[RECORDS FOR THIS TASK]

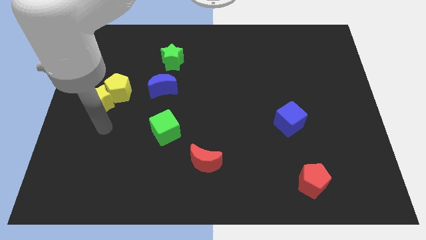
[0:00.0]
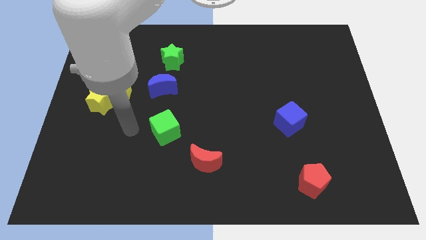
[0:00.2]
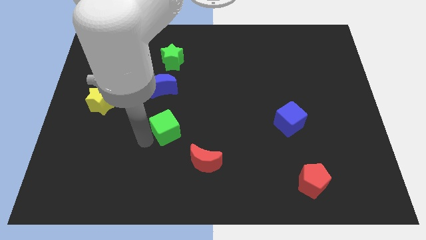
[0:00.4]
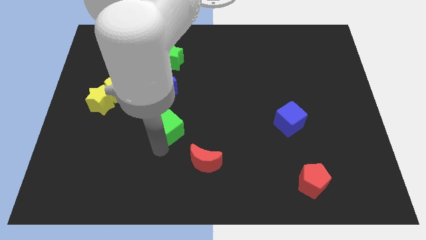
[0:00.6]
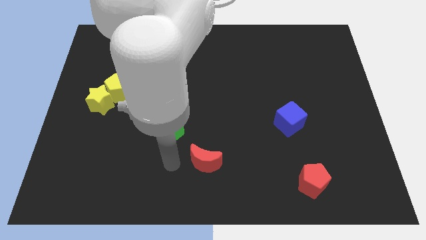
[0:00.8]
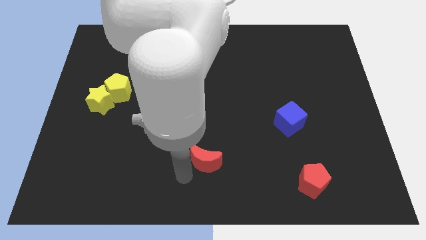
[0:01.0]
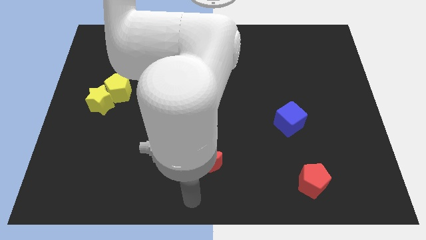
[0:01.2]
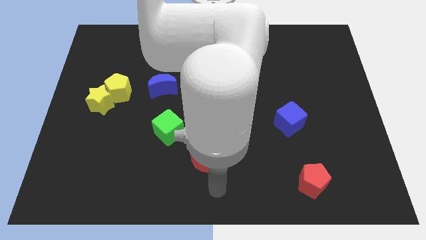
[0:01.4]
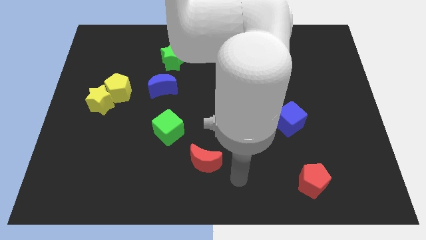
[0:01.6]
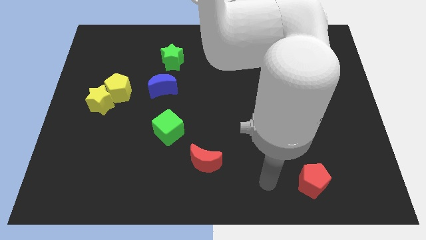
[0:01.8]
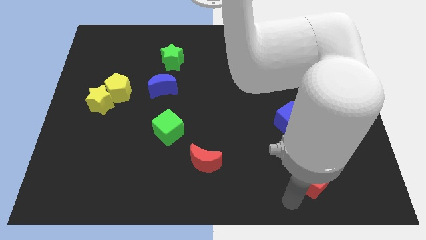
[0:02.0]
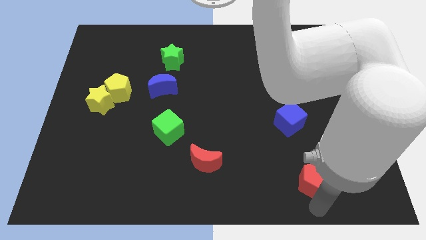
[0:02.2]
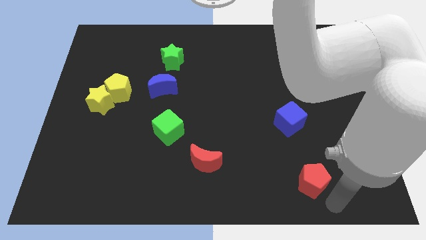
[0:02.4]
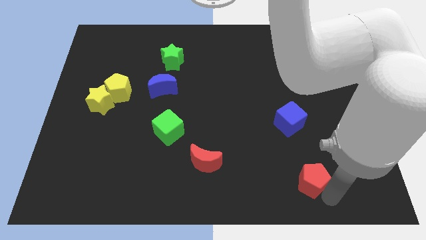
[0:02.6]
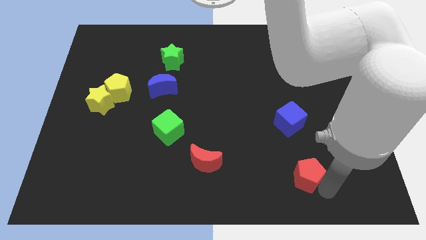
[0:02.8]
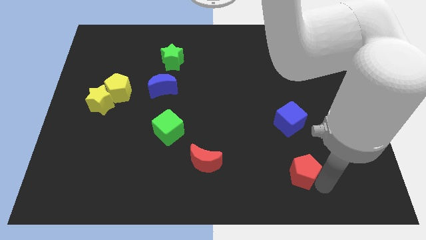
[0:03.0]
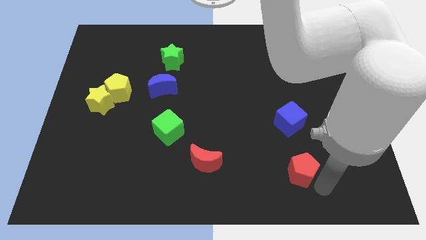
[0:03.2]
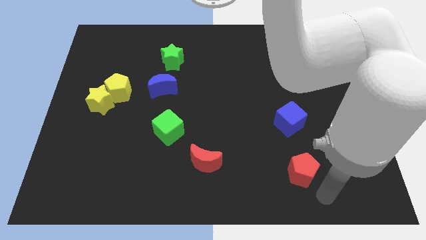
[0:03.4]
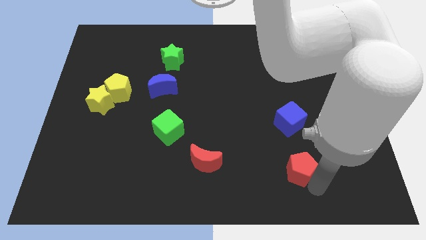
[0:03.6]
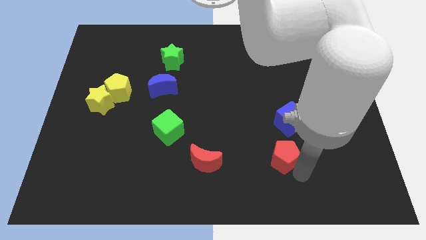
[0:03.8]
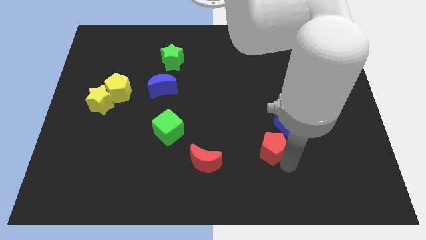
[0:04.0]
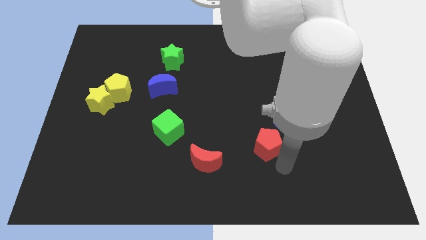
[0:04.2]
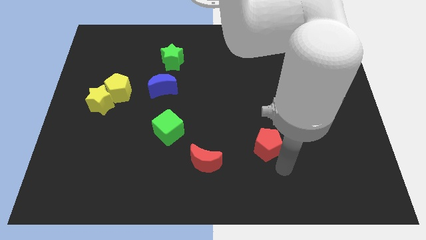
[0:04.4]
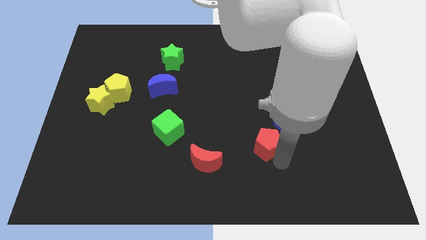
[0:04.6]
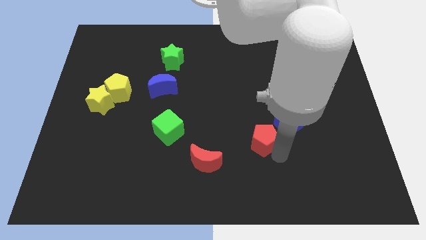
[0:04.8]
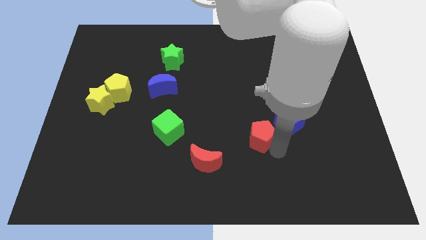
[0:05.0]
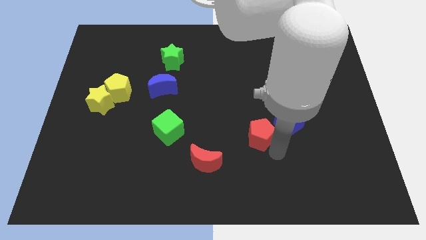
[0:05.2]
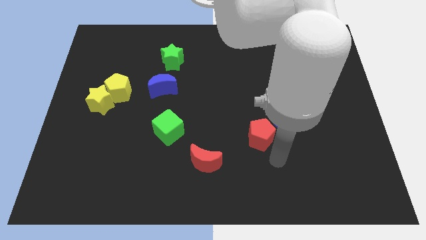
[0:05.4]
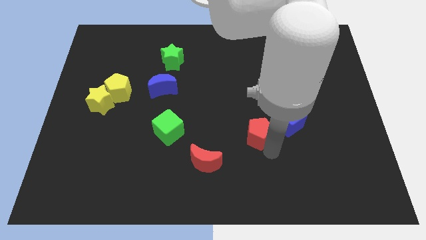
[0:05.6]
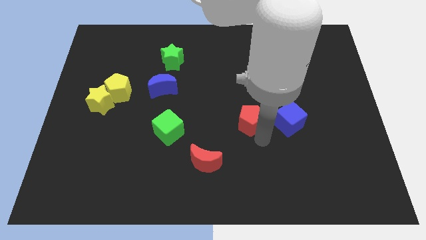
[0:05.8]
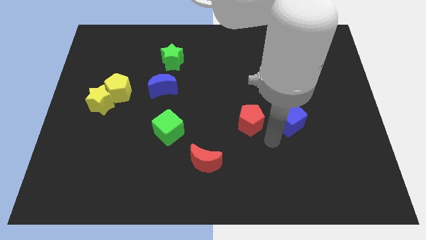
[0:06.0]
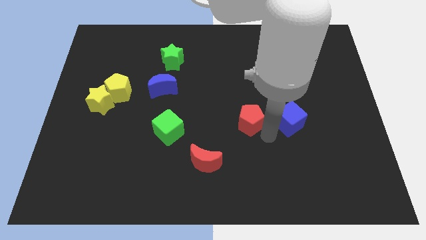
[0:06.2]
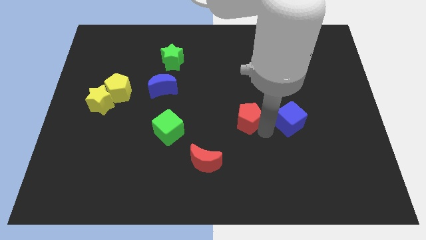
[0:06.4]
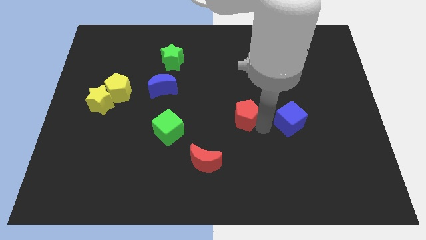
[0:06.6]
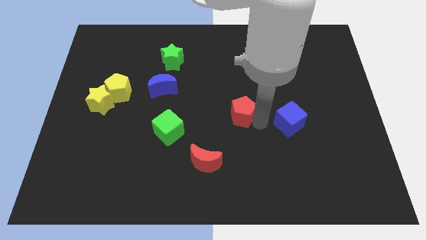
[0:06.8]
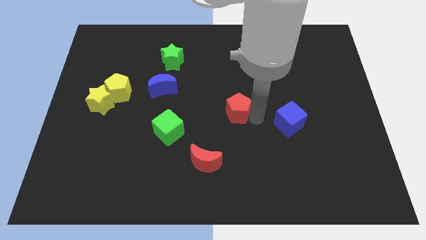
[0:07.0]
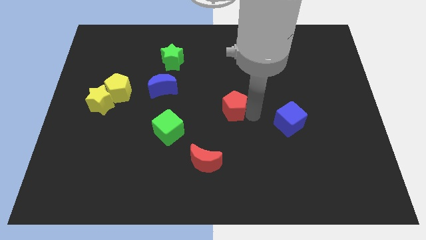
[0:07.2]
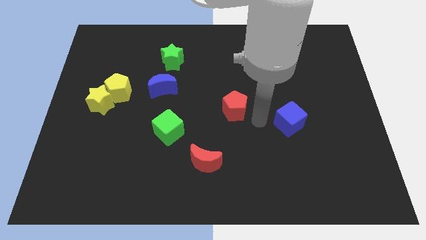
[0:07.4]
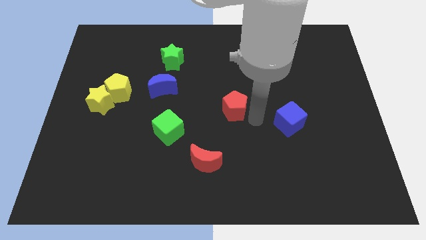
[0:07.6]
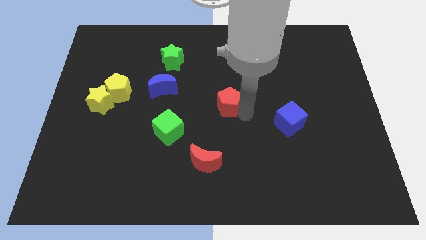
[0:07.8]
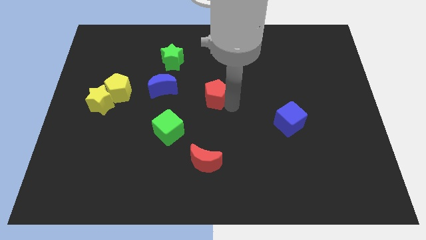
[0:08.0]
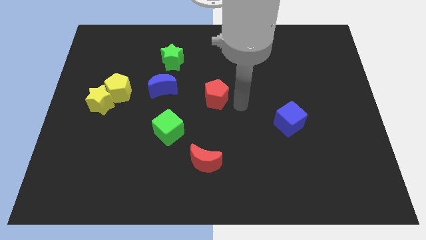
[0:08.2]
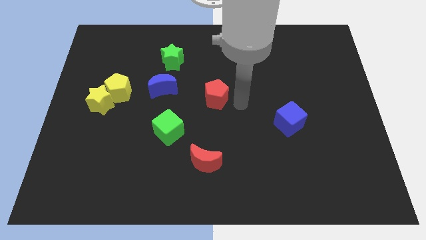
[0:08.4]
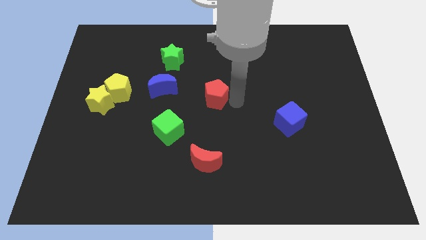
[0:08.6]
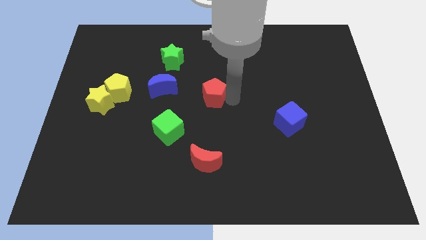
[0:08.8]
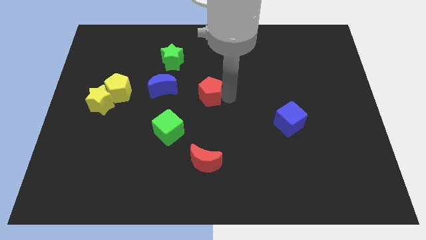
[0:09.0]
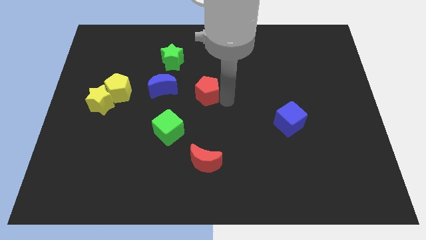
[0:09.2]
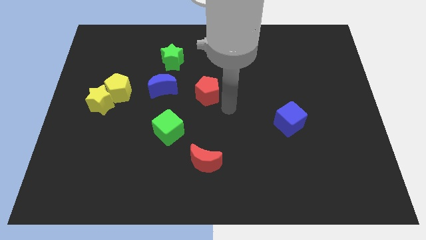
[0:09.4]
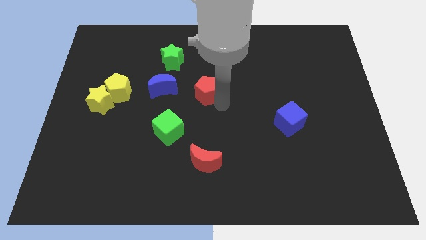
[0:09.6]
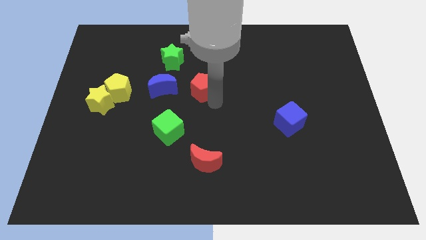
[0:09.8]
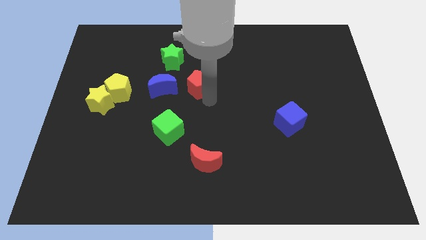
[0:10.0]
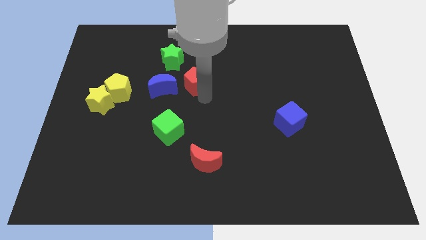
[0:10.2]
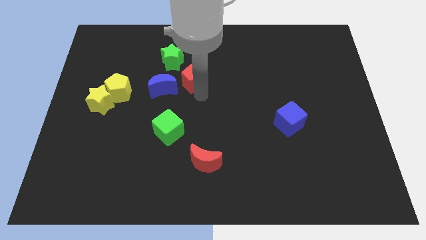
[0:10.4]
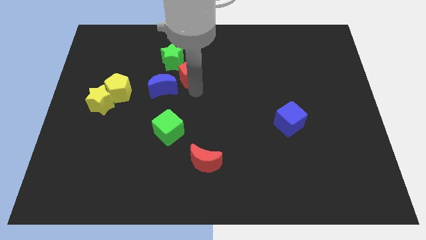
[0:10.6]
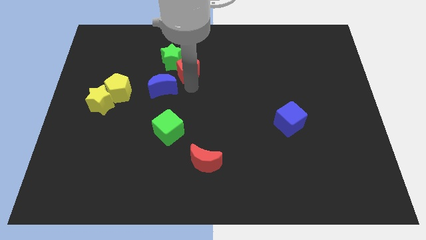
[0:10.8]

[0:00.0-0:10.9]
slide the red pentagon towards the green star

[/RECORDS FOR THIS TASK]

• YOUR ASSIGNMENT
Would you retype the entries above in full, exactly as written, minus the pictures?

• RESPONSE FOR THIS EXERCISE
[0:00.0]
[0:00.2]
[0:00.4]
[0:00.6]
[0:00.8]
[0:01.0]
[0:01.2]
[0:01.4]
[0:01.6]
[0:01.8]
[0:02.0]
[0:02.2]
[0:02.4]
[0:02.6]
[0:02.8]
[0:03.0]
[0:03.2]
[0:03.4]
[0:03.6]
[0:03.8]
[0:04.0]
[0:04.2]
[0:04.4]
[0:04.6]
[0:04.8]
[0:05.0]
[0:05.2]
[0:05.4]
[0:05.6]
[0:05.8]
[0:06.0]
[0:06.2]
[0:06.4]
[0:06.6]
[0:06.8]
[0:07.0]
[0:07.2]
[0:07.4]
[0:07.6]
[0:07.8]
[0:08.0]
[0:08.2]
[0:08.4]
[0:08.6]
[0:08.8]
[0:09.0]
[0:09.2]
[0:09.4]
[0:09.6]
[0:09.8]
[0:10.0]
[0:10.2]
[0:10.4]
[0:10.6]
[0:10.8]

[0:00.0-0:10.9]
slide the red pentagon towards the green star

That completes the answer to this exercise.